Jenazah 54 Korban Kecelakaan Pesawat Trigana Dievakuasi Rabu

Oleh Zahara Tiba
2015.08.18
Share on WhatsApp
Share on WhatsApp
150818_ID_ZAHARA_PLANE_CRASH_700.jpg Foto dari Basarnas memperlihatkan puing-puing pesawat Trigana Air ATR 42-300 bertebaran di hutan belantara pegunungan Oksibil sehari setelah hilang, 17 Agustus 2015
Photo: Benar

Jenazah 54 korban kecelakaan pesawat Trigana Air yang jatuh pada tanggal 16 Agustus lalu akan diterbangkan ke Jayapura pada hari Rabu ini, setelah ditemukan oleh tim pencari yang dikoordinasi oleh Badan SAR Nasional (Basarnas).

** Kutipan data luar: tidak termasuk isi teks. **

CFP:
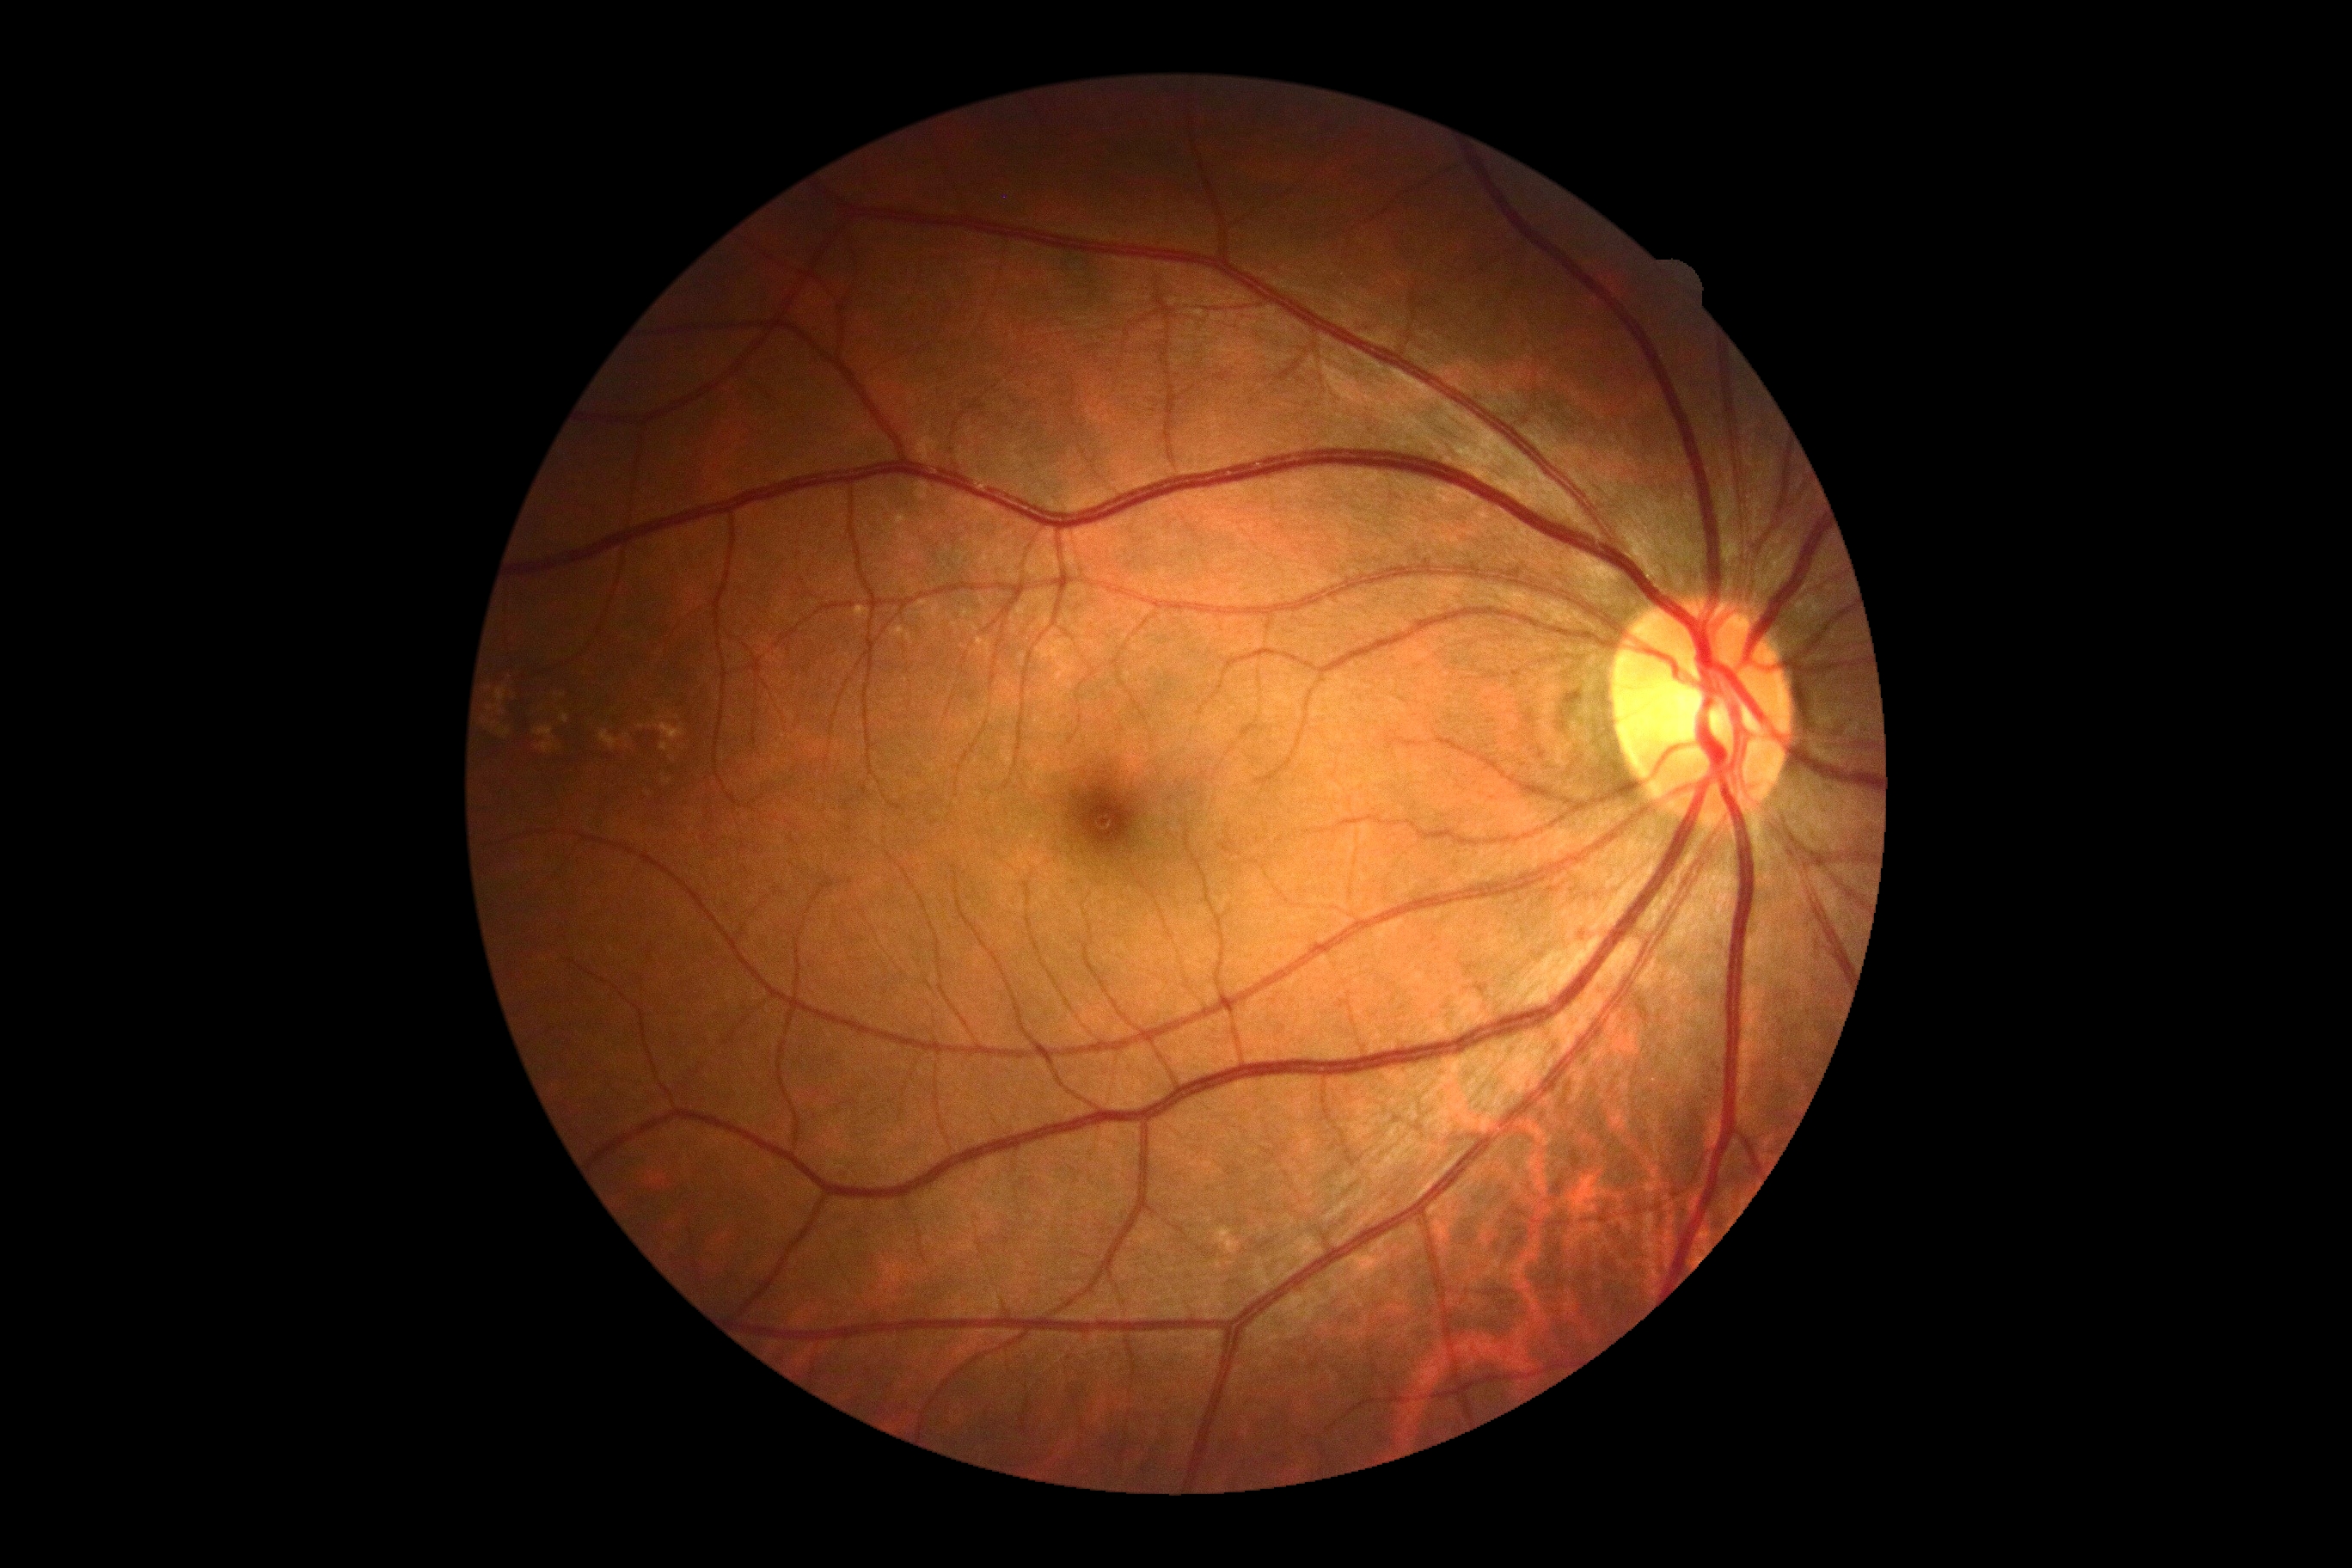

DR severity: 0.

Pihak kepolisian juga telah mengirimkan tim forensik untuk mengidentifikasi jenazah korban yang terdiri dari 44 penumpang dewasa, dua anak serta tiga bayi dan lima kru pesawat itu ke Jayapura.

Sementara keluarga korban telah mengirimkan 45 data antemortem.

Ketika dihubungi BeritaBenar pada hari Selasa 18 Agustus Kepala Basarnas Bambang Soelistyo memperkirakan evakuasi dapat cepat dilakukan.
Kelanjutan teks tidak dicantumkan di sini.